*** Block opens ***
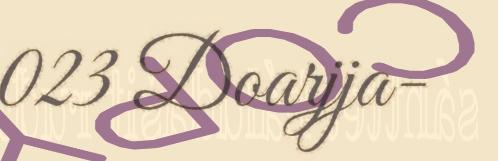
023 Doarjja-
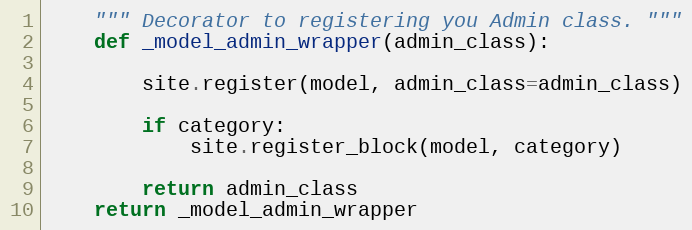
Language: Python
    """ Decorator to registering you Admin class. """
    def _model_admin_wrapper(admin_class):

        site.register(model, admin_class=admin_class)

        if category:
            site.register_block(model, category)

        return admin_class
    return _model_admin_wrapper
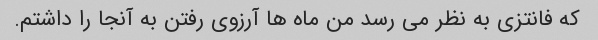
که فانتزی به نظر می رسد من ماه ها آرزوی رفتن به آنجا را داشتم.
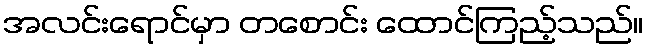
အလင်းရောင်မှာ တစောင်း ထောင်ကြည့်သည်။
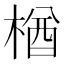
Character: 楢
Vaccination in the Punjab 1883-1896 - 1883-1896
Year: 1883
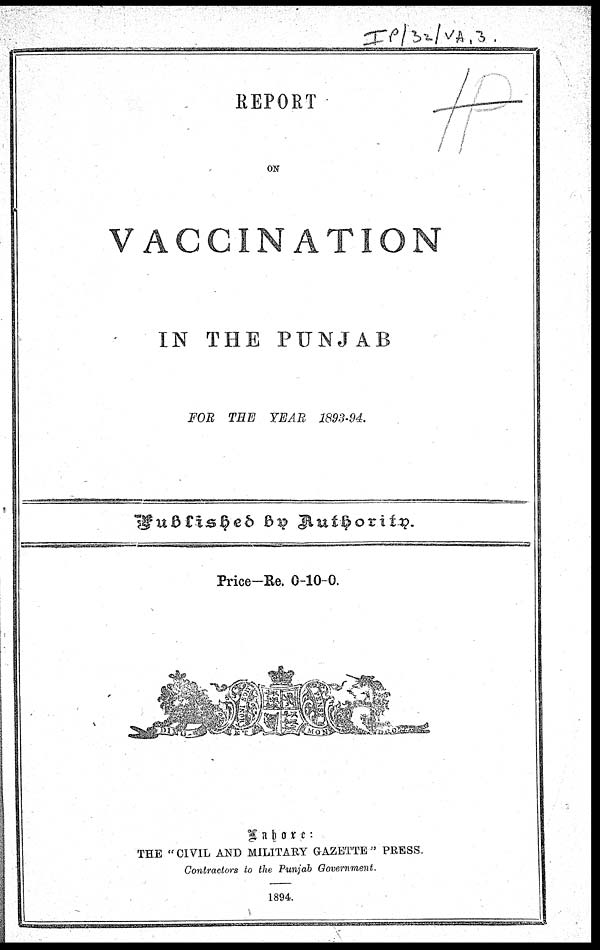
REPORT
ON
VACCINATION
IN THE PUNJAB
FOR THE YEAR 1893-94.
Published by Authority.
Price-Re. 0-10-0.
Lahore:
THE "CIVIL AND MILITARY GAZETTE" PRESS.
Contractors to the Punjab Government.
1894.
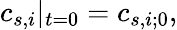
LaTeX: c_{s,i}|_{t=0}=c_{s,i;0},
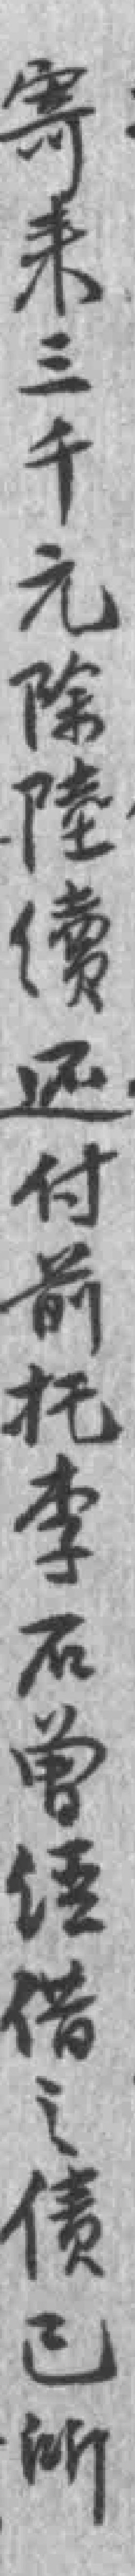
寄来三千元除陸續还付前托李石曾经借之债已所
*** Block closes ***
> ACTION ITEM: When a line in the material above holds the word "category", copy that line.

> RESULT OF THE EXERCISE:
        if category:
            site.register_block(model, category)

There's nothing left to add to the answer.